Sem se identificar com o curso de arquitetura e diante da possibilidade de realizar o sonho de morar fora, a mudança não foi decisão difícil a ser tomada.  Como primeira impressão, a babá lembra que se impressionou com o ar fresco e o cheiro de pinheiro, árvore abundante na região.

 

Além da espécie nativa, o estado dispõe de vários parques naturais e trilhas. O contato com a natureza foi o que surpreendeu a imigrante. Apesar de se aventurar em Chapada dos Guimarães, a cuiabana sente que vive mais intensamente o novo local. Isso ocorre devido às estações bem marcadas, em que só 3 meses há sol suficiente para aproveitar o verão, o que a faz valorizar mais as atividades ao ar livre.

 

Mesmo sempre desejando a mudança de país, a cuiabana se deparou com alguns desafios para a adaptação. Entre elas, a falta de proximidade dos americanos, que, apesar da educação, sentiu certa frieza. 

 

“Aqui eles têm uma diferença muito grande entre ser educado e gostar realmente de você, sempre vão ter um sorriso maravilhoso no rosto, mas na maior parte do tempo não é de verdade”, pontua a estudante.

  Arquivo pessoal

 

A diferença nos serviços da saúde também foi algo que chamou a atenção da jovem e despertou certa preocupação. Não há consulta gratuita e, mesmo com o convênio médico, nem todos os atendimentos são cobertos, o que exige alta coparticipação. 

 

“Eu estou o tempo todo morrendo de medo de ter algum problema de saúde e ter que ir ao hospital, porque aqui é muito caro.

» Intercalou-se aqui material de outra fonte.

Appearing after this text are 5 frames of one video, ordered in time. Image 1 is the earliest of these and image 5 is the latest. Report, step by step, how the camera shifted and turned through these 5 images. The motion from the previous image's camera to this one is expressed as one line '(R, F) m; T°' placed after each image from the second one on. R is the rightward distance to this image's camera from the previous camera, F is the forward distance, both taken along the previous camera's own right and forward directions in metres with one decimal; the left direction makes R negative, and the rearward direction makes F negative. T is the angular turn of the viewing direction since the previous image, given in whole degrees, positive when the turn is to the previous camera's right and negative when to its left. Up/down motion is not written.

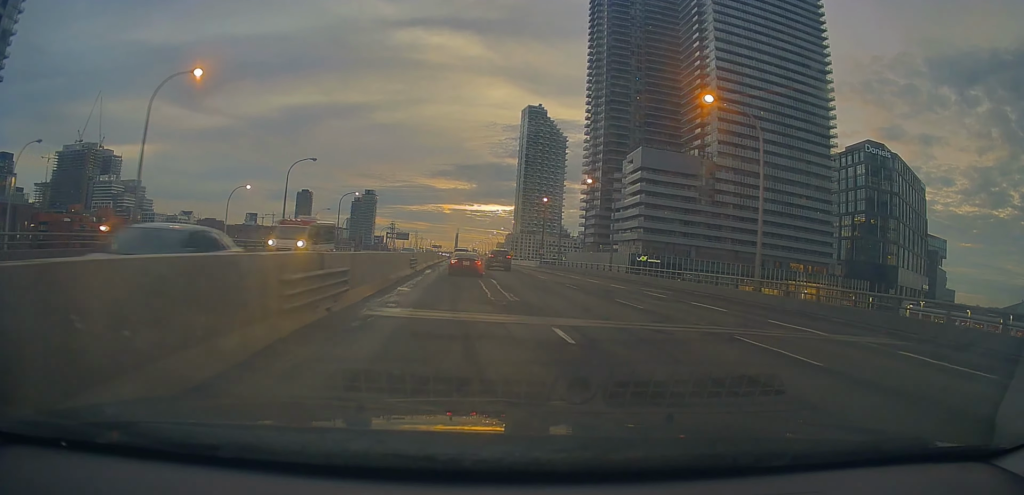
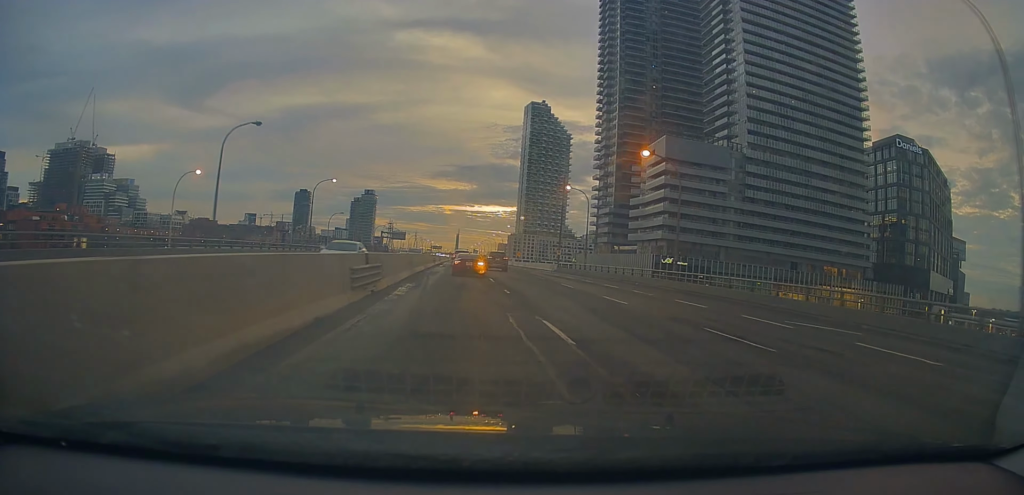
(-0.4, +16.4) m; 0°
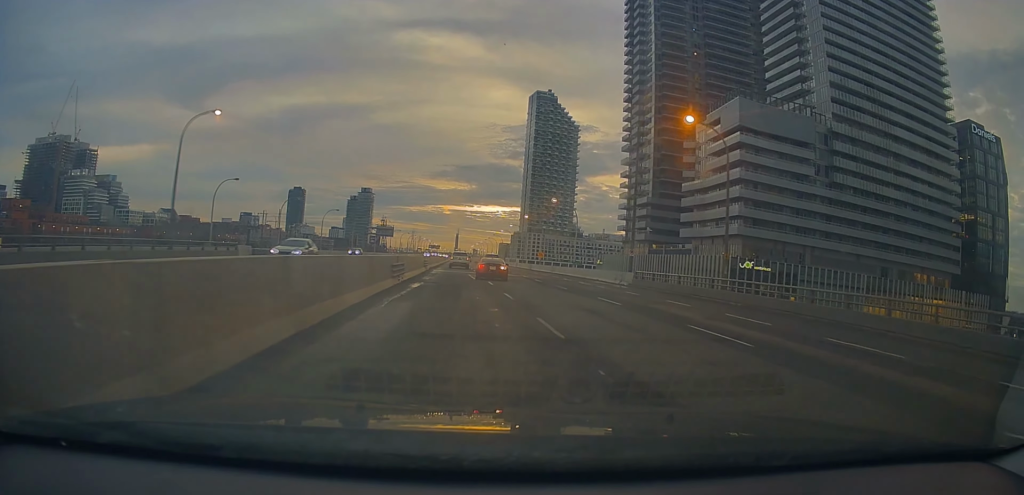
(+0.3, +34.8) m; 0°
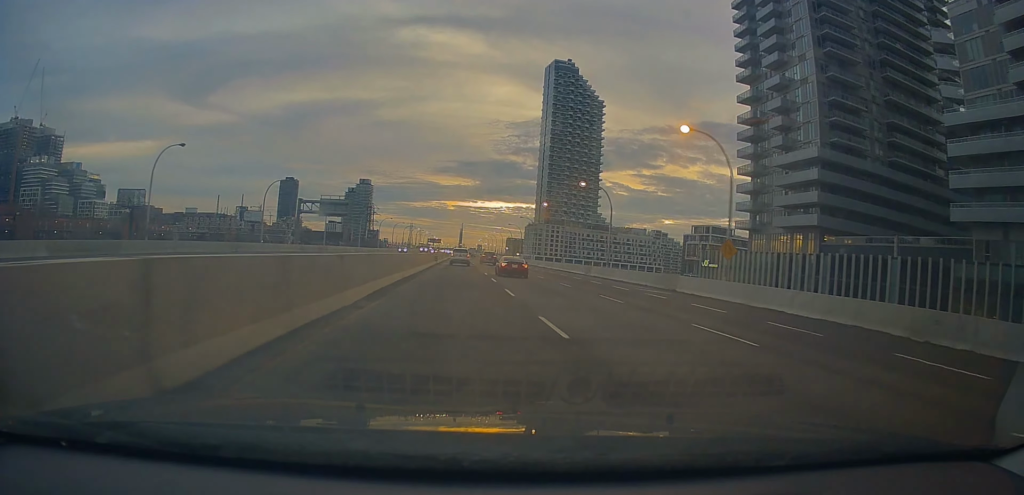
(-0.4, +67.3) m; 0°
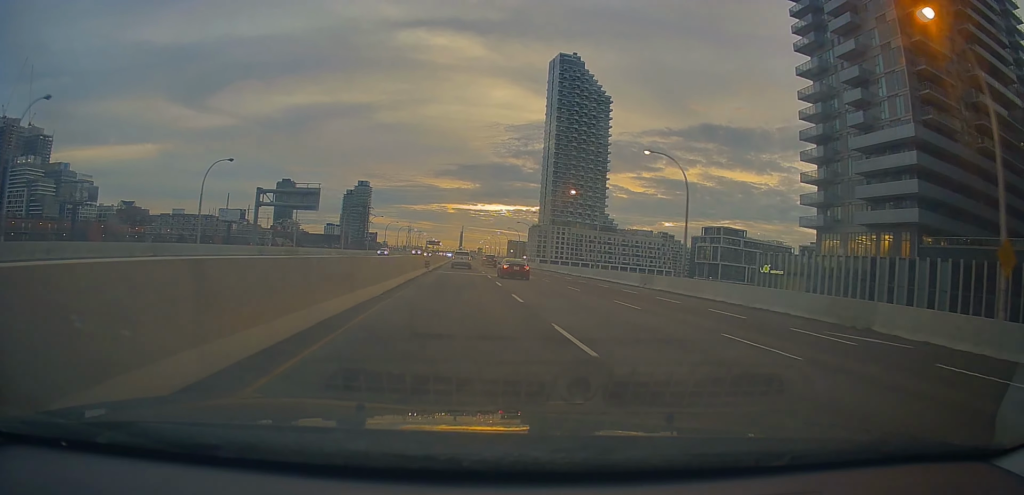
(+0.3, +19.0) m; 0°
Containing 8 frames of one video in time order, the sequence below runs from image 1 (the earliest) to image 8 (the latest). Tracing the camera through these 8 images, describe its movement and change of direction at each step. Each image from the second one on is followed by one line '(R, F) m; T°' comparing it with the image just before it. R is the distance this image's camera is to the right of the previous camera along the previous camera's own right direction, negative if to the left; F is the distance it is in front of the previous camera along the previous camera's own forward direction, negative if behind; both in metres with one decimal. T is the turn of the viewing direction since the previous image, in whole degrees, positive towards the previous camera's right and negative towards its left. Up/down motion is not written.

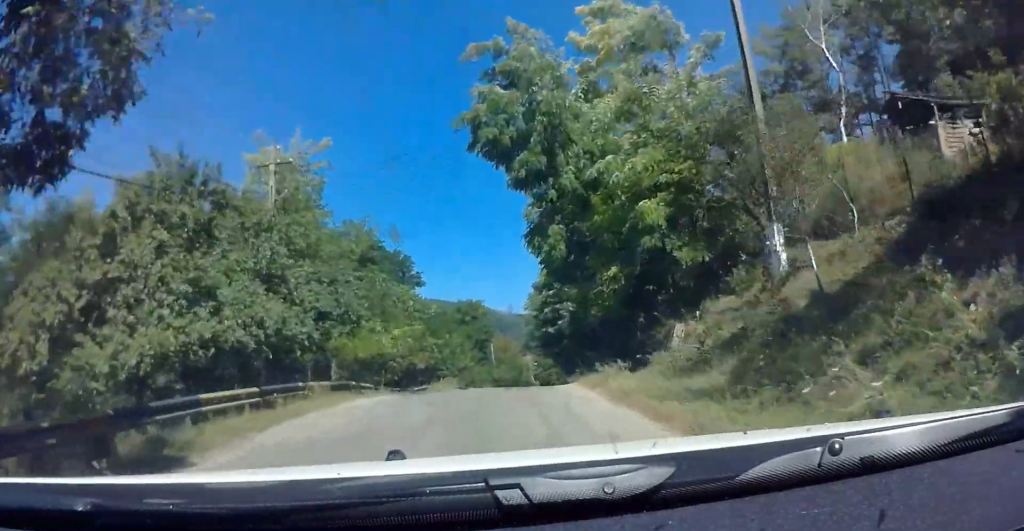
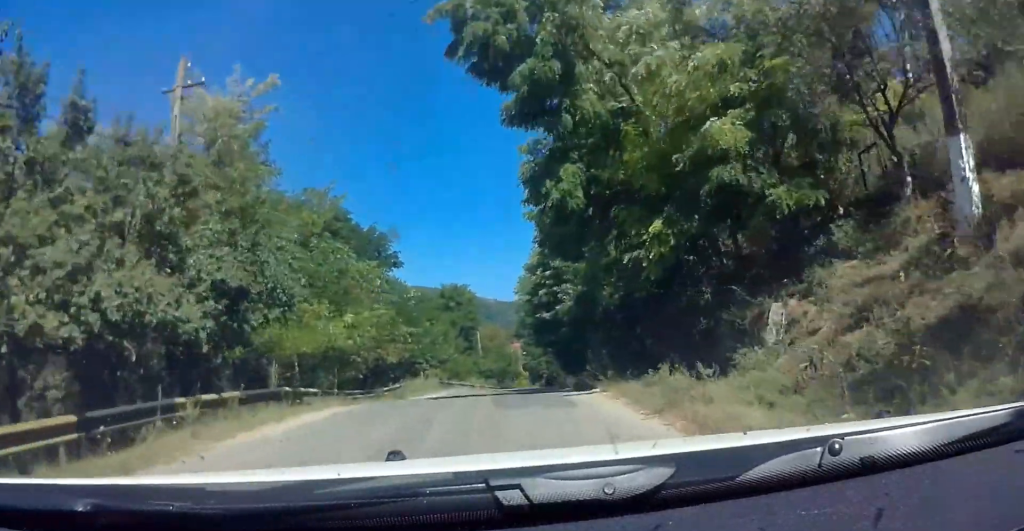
(0.0, +6.8) m; 0°
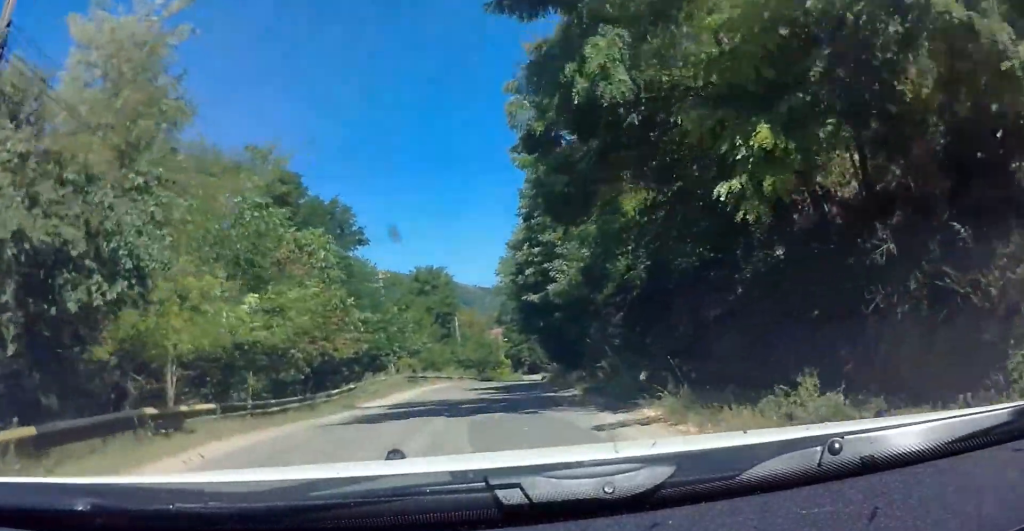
(0.0, +6.8) m; 0°
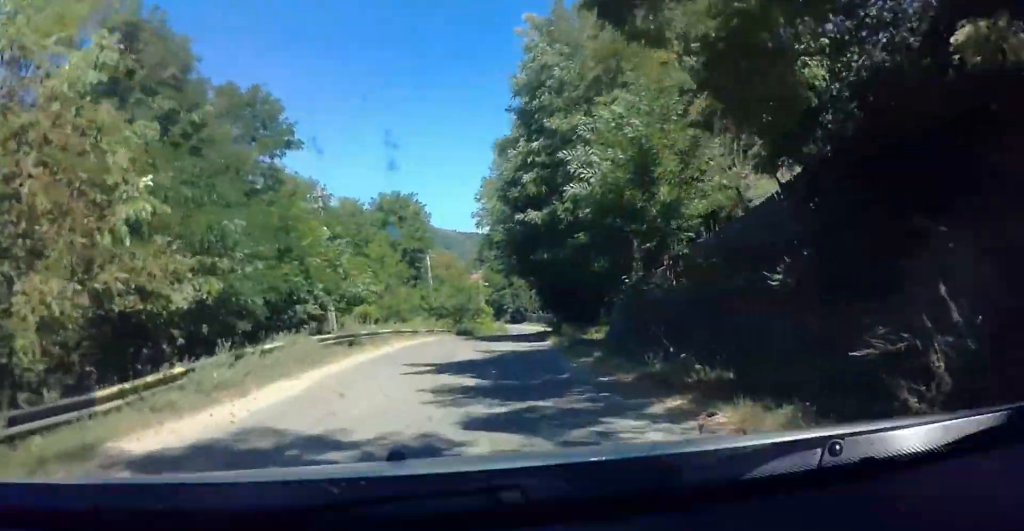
(0.0, +13.9) m; +1°
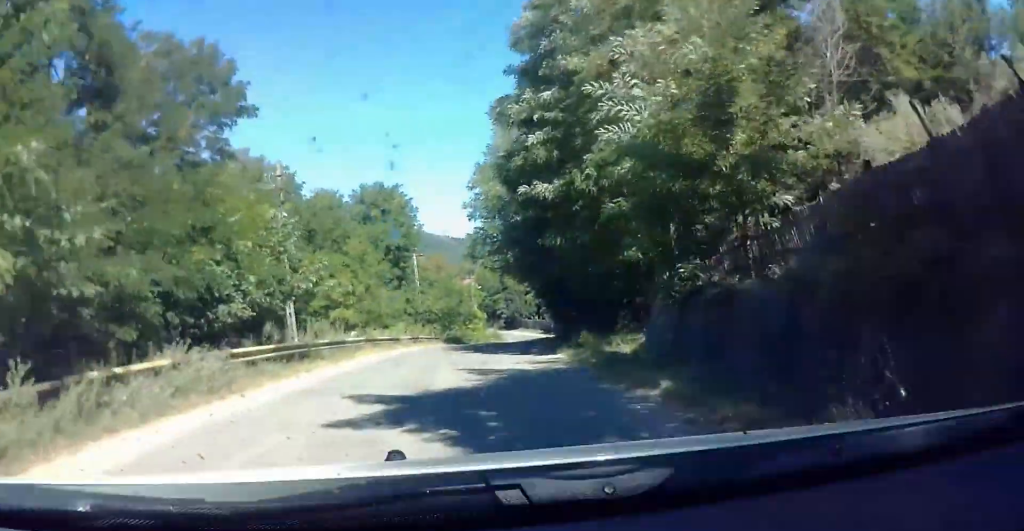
(0.0, +6.6) m; 0°
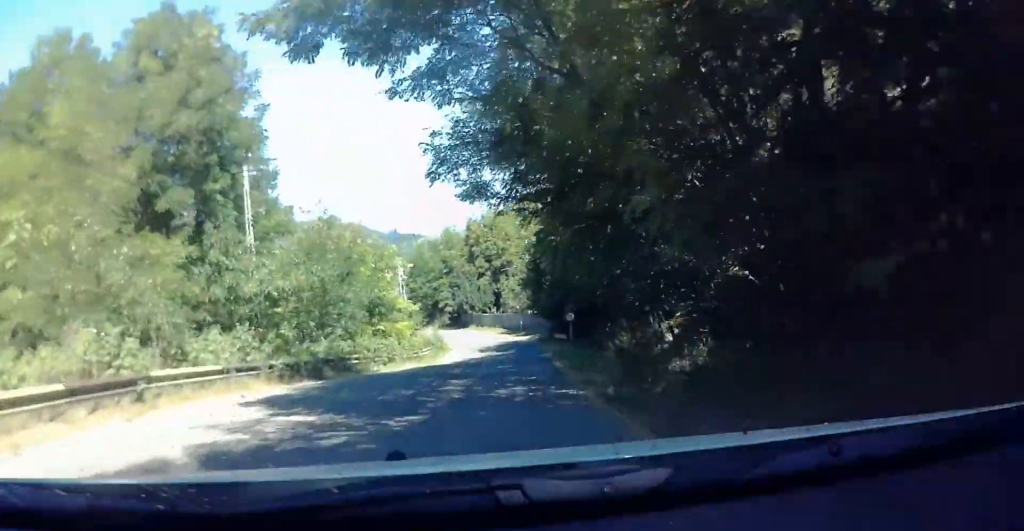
(+1.8, +32.2) m; +8°
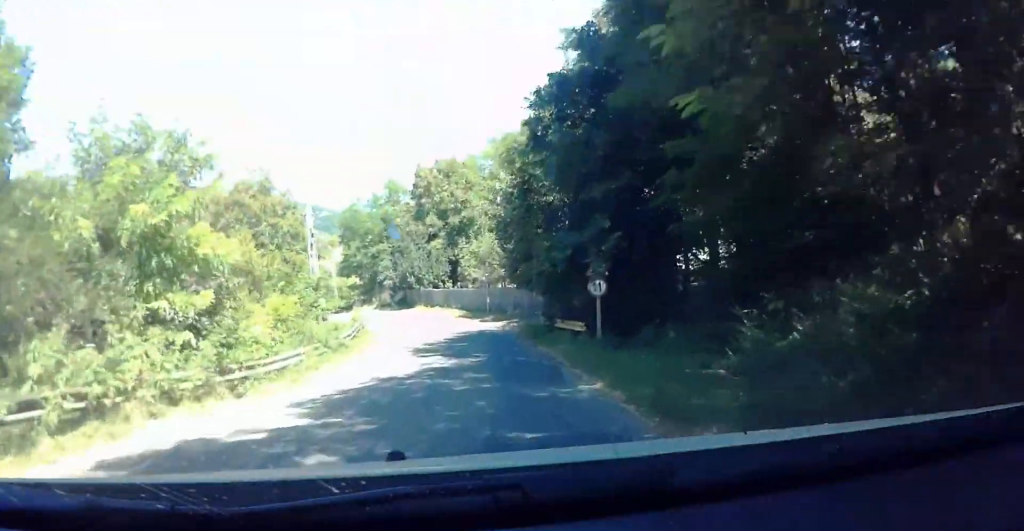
(+0.4, +20.8) m; +1°
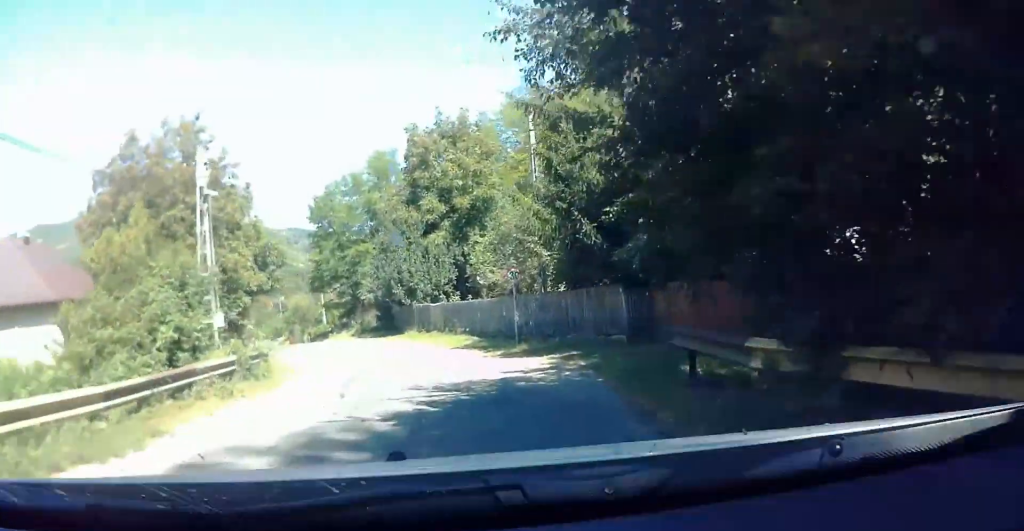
(0.0, +18.6) m; -2°

É absurdo, é ridículo. Eu morro de medo de sofrer um acidente e ter que pagar médico”, revela.

 

No entanto, Lissa não se imagina morando em outro país no momento. Há um ano, ela ingressou em uma faculdade de artes, em Chapel Hill. O que ela considera mais vantajoso em estar nos EUA é a possibilidade de ter uma vida mais confortável comparado ao Brasil.

 

“Eu tenho condições de viver agora, não só sobreviver. A diferença de ter mais possibilidade, de conseguir ter um futuro em algo que realmente quero, e não só fazer alguma coisa só para sobreviver, foi a maior mudança para mim, e o que eu mais gosto aqui fora é o fato de poder ter mais oportunidades”, acrescenta.

  Arquivo pessoal

 

Apesar de não se imaginar vivendo em outro lugar no momento, ela sente falta da família, de ir a um pagode com os amigos e de colher frutas do pé. Para ela, o futuro ainda está em território estadunidense, que considera seu lar.

 

“Um pedaço de mim está no Brasil, mas um pedaço muito grande de mim está aqui também. Então, eu acho que eu nunca vou estar totalmente em casa, vai estar sempre uma parte de mim faltando em qualquer lugar. Eu acho que é a maior tristeza do imigrante conviver com as partes que faltam”, finaliza.